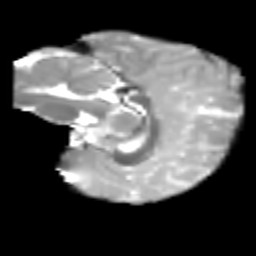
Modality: T2w
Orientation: sagittal
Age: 6
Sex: male
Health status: healthy
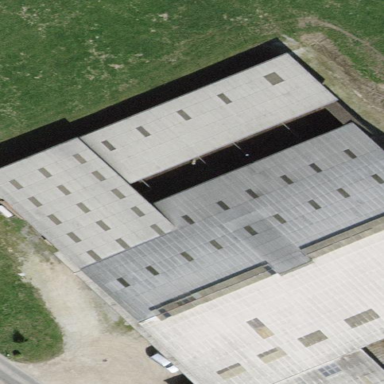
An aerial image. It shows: Farm auxiliary building.
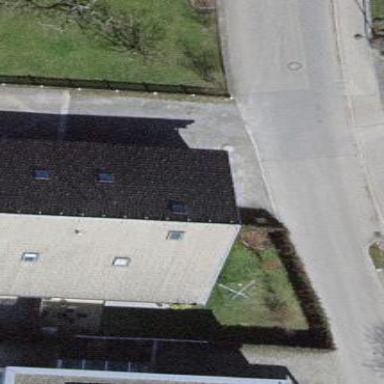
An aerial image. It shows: Terrace building.
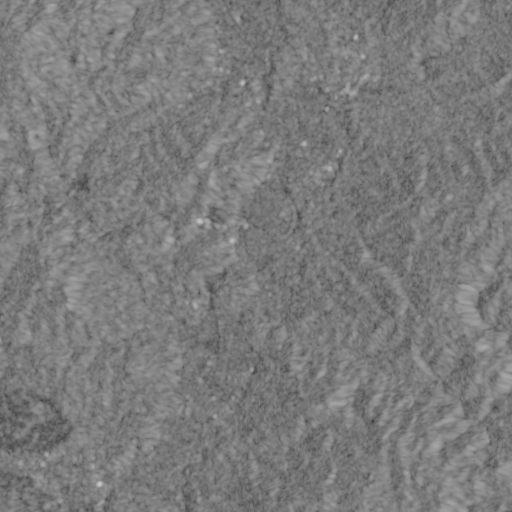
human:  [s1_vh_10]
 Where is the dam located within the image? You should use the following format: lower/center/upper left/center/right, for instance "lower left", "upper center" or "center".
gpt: The dam is located in the upper left of the image.
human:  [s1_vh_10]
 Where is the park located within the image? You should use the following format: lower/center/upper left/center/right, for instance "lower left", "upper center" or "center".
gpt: The park is located in the lower left of the image.
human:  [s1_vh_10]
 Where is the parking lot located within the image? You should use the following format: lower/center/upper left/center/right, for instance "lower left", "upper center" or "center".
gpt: The parking lot is located in the lower left of the image.
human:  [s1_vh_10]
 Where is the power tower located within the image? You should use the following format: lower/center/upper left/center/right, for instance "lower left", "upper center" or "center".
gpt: There is no power tower in the image.

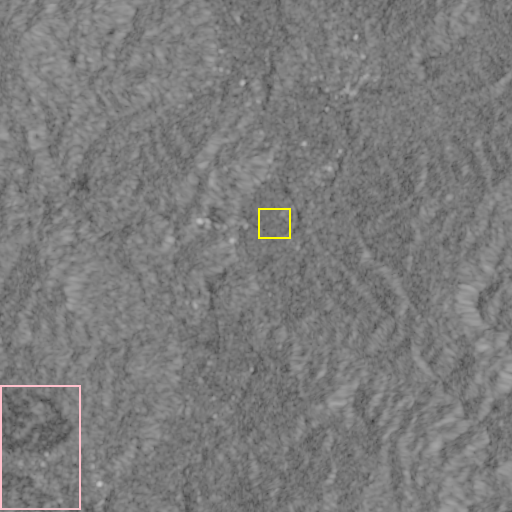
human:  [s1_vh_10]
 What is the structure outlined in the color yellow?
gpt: The structure outlined in yellow is a crop field.
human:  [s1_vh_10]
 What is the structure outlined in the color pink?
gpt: The structure outlined in pink is a park.
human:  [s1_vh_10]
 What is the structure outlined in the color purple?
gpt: There is no purple outline.
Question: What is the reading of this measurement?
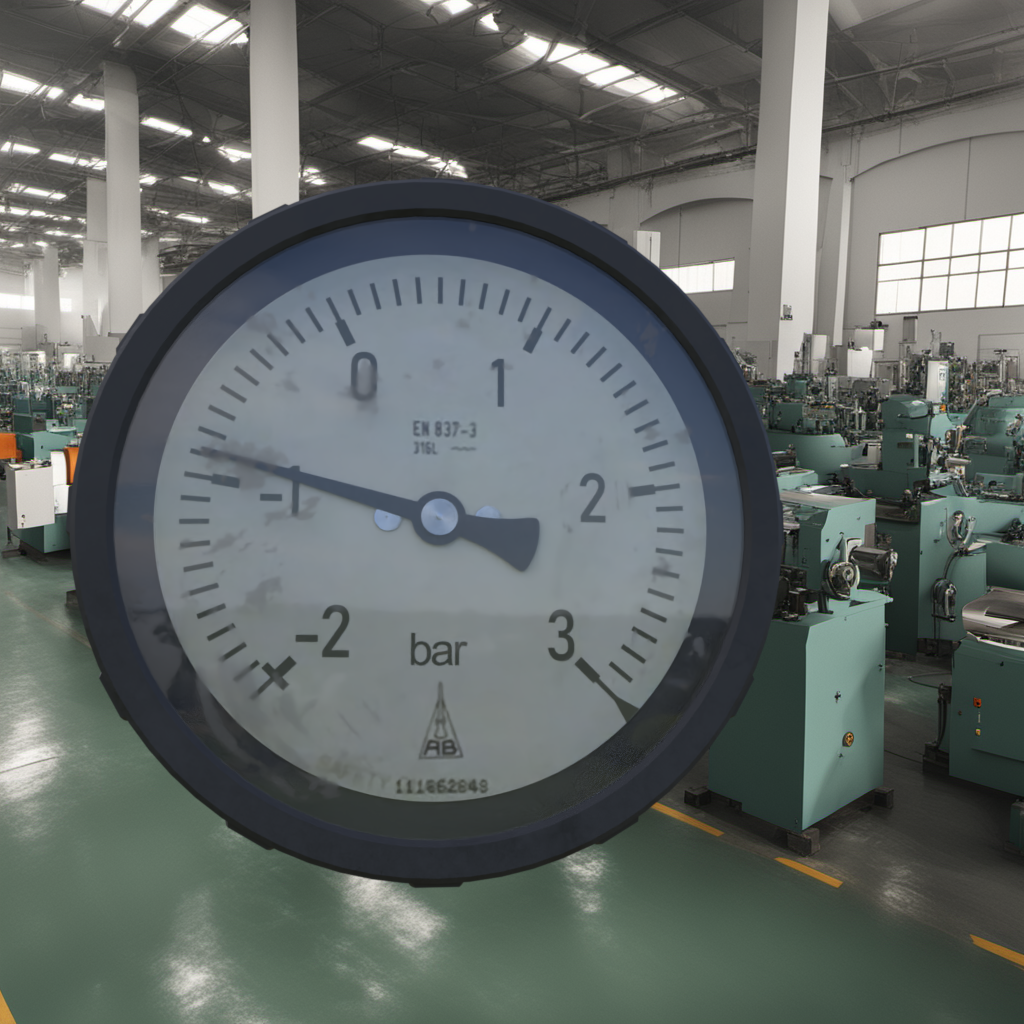
Answer: The result is -0.91
Question: What is the range of the measurement shown in the image?
Answer: The range is from -2 to 3
Question: What is the minimum and maximum reading range of this measurement?
Answer: The minimum value is -2 and the maximum value is 3
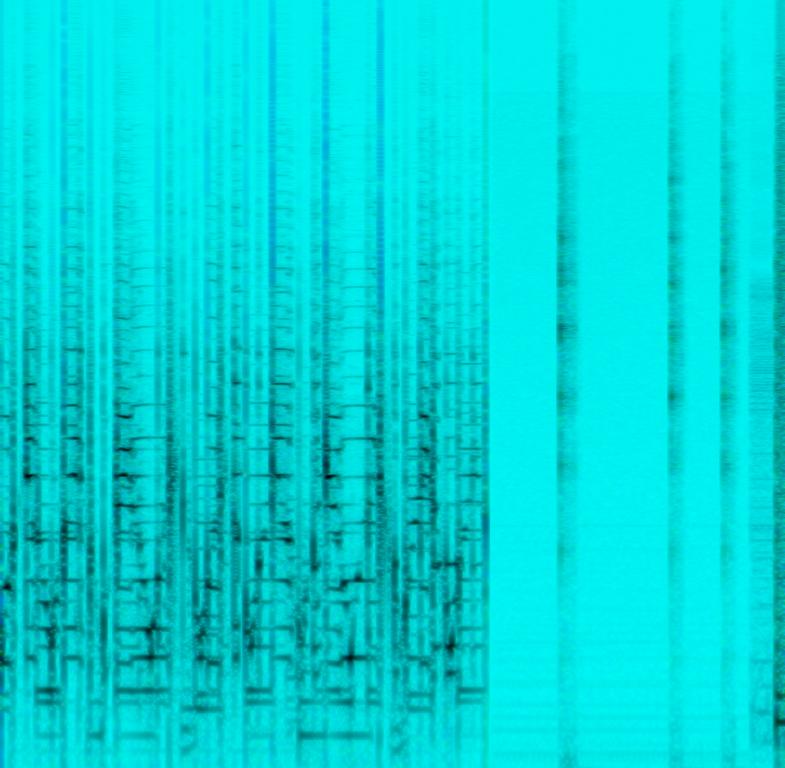
The low quality recording features a cover of a rock song that consists of passionate electric guitar melody playing over playback. The playback features a groovy bass guitar, punchy snare and kick hits, shimmering cymbals and mellow synth key chords. It sounds groovy - thanks to the bass-drums relationship and passion - thanks to the electric guitar melody.
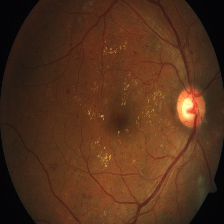
Diabetic retinopathy grade: Severe
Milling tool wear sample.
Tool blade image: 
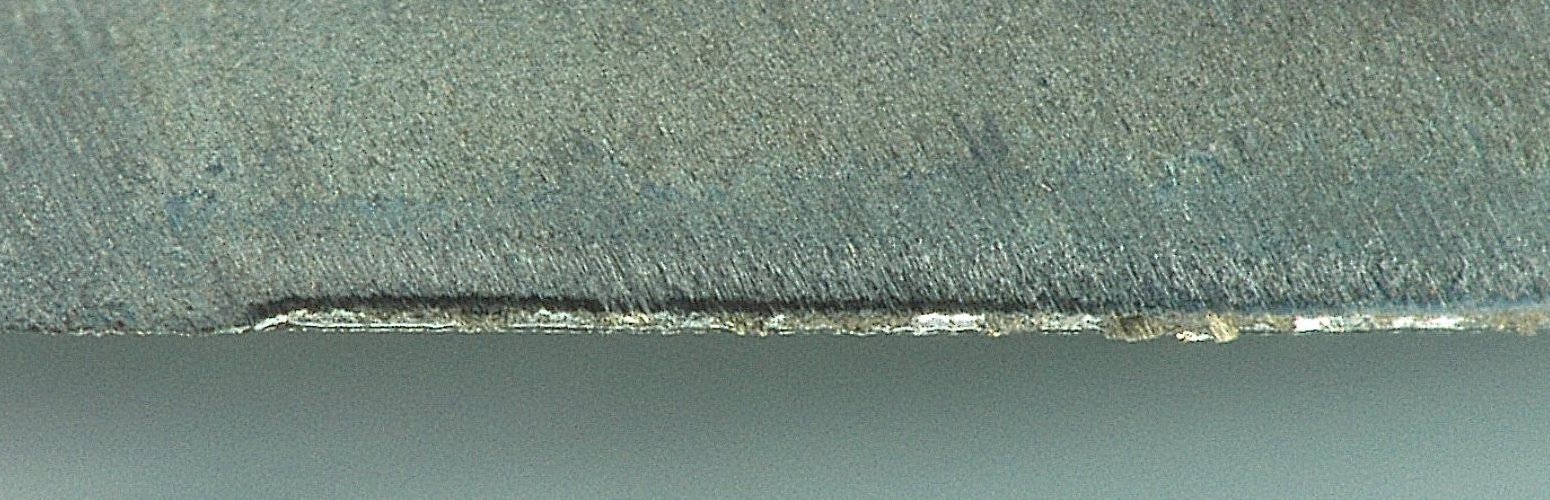
Chip image: 
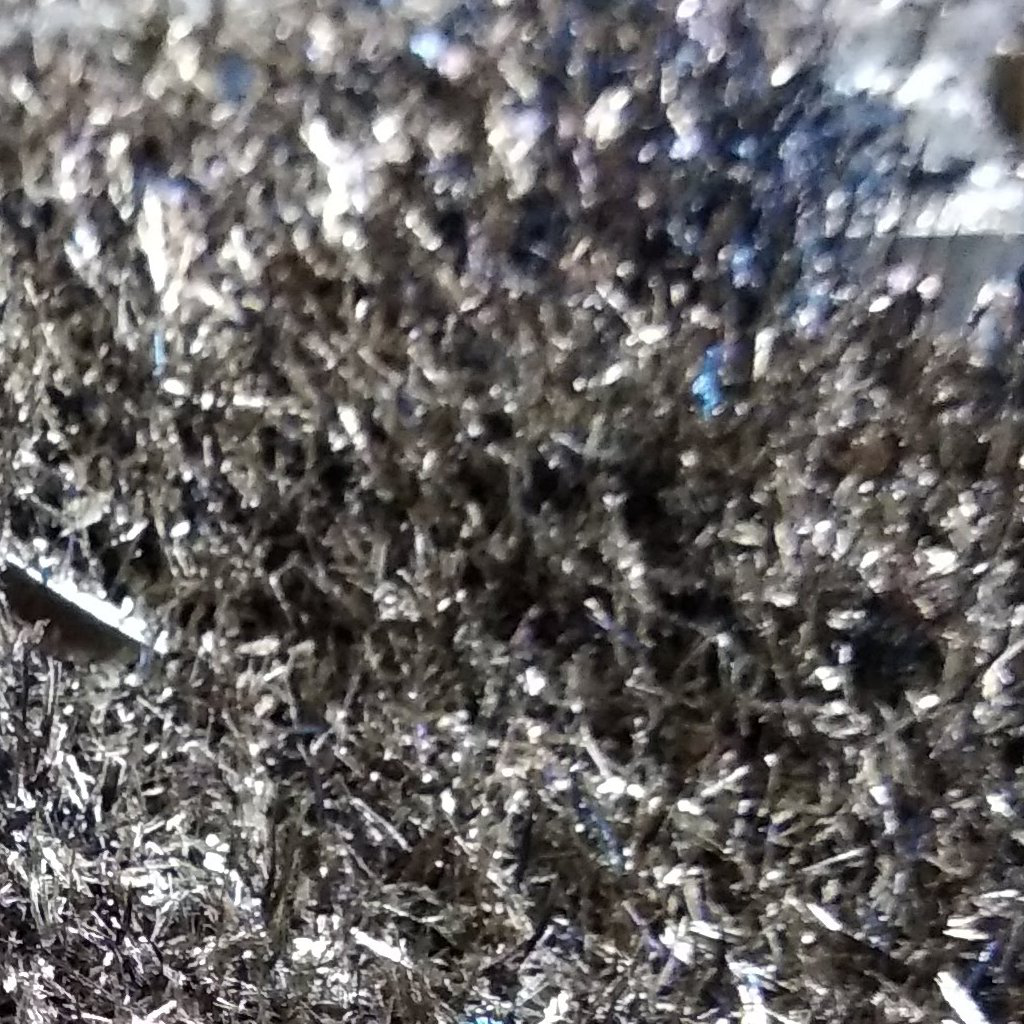
Workpiece image: 
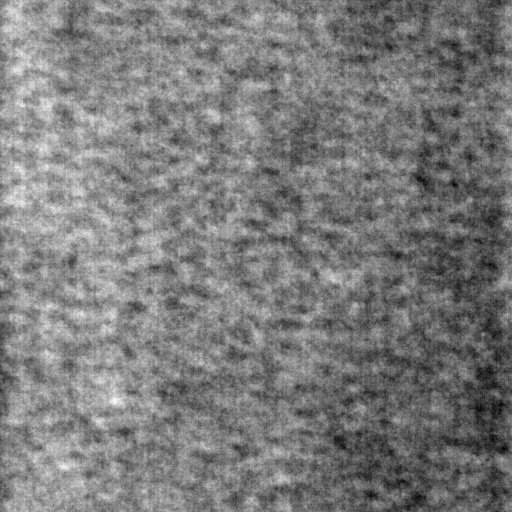
Tool wear state: used
Gaps: 14.24
Flank wear: 91.73
Overhang: 8
Force-signal Mel-spectrograms (X, Y, Z axes): 
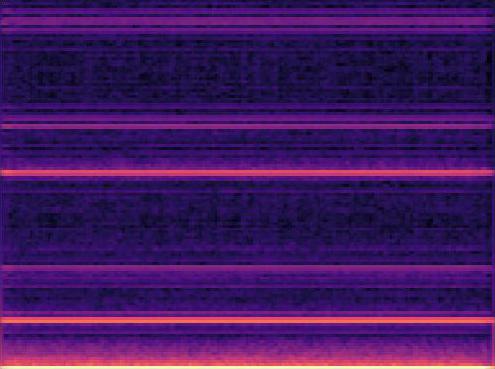 
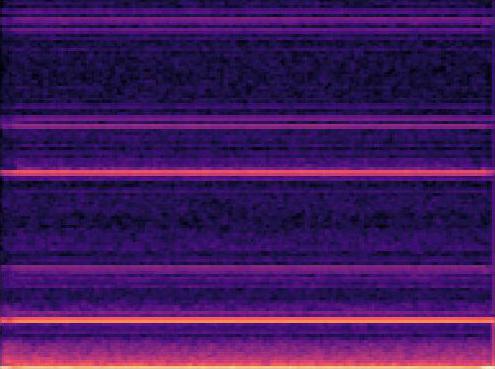 
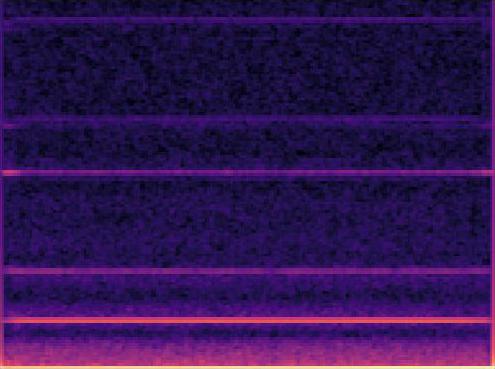
Force-signal scalograms (X, Y, Z axes): 
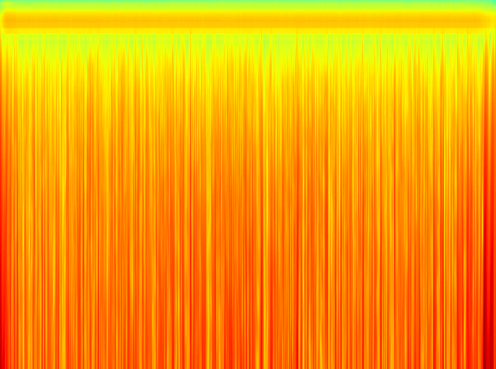 
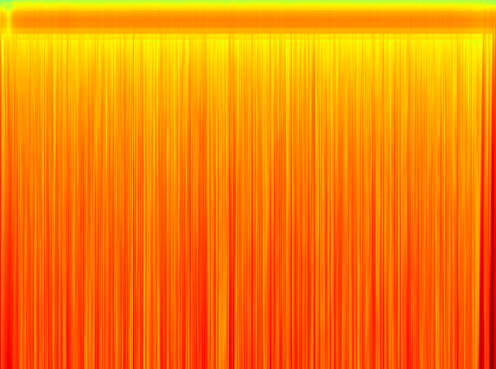 
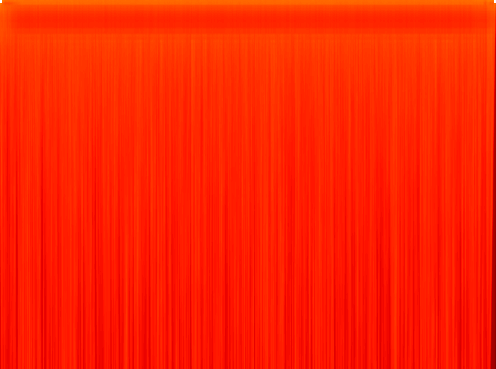
Force phase: steady_state_stabilization_wear
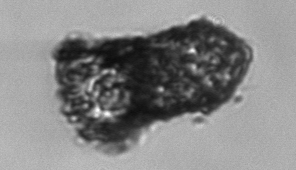
Label: Tintinnopsis
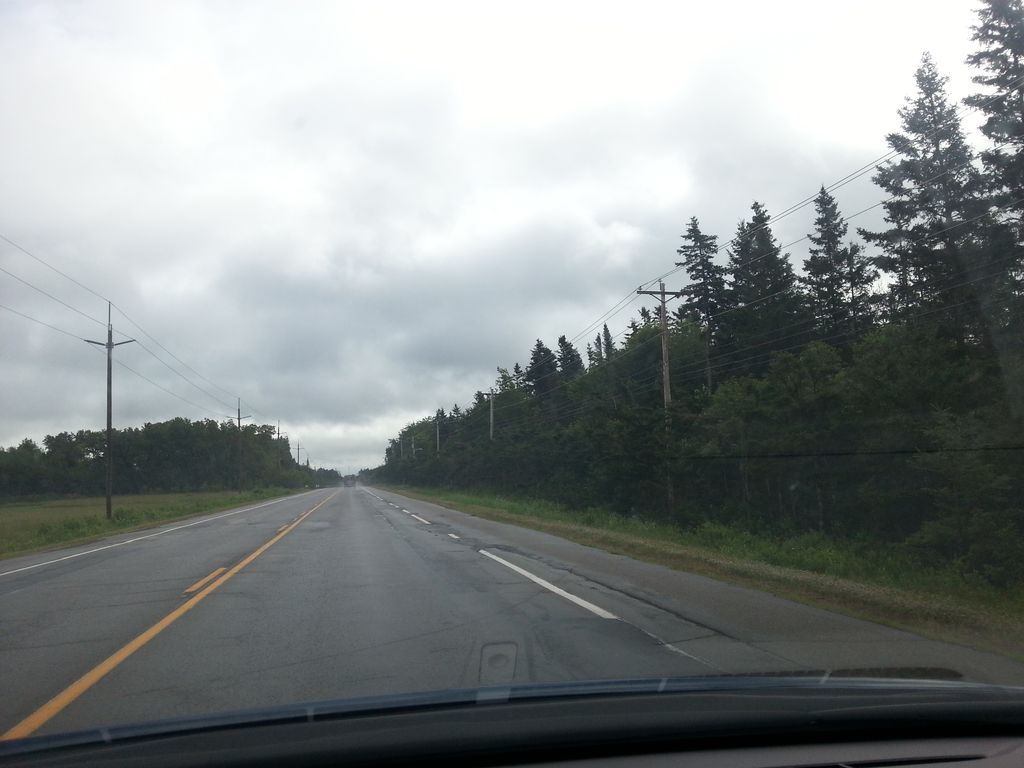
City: charlottetown
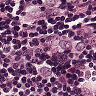
Metastatic tissue present: yes
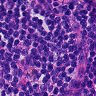
Metastatic tissue present: no
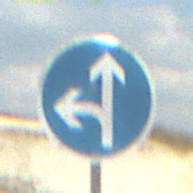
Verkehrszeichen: VorgeschriebeneFahrtrichtungGeradeausOderLinks
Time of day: MorningAfternoon
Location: Outdoor (Beach)
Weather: PartlyCloudy
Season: NotSpecified
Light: Natural
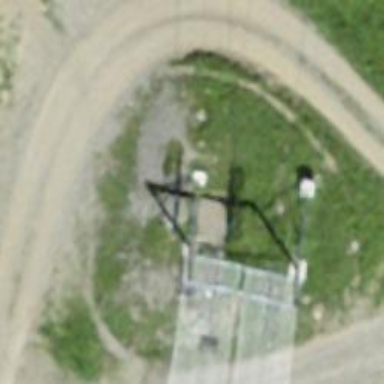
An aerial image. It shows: Pylon used for aerialway.

################

WHAT IS REQUIRED »
Only the lines from the one containing "City: charlottetown" through the final line of the records should be transcribed, exactly and with no pictures.

EXERCISE SOLUTION »
City: charlottetown
Metastatic tissue present: yes
Metastatic tissue present: no
Verkehrszeichen: VorgeschriebeneFahrtrichtungGeradeausOderLinks
Time of day: MorningAfternoon
Location: Outdoor (Beach)
Weather: PartlyCloudy
Season: NotSpecified
Light: Natural
An aerial image. It shows: Pylon used for aerialway.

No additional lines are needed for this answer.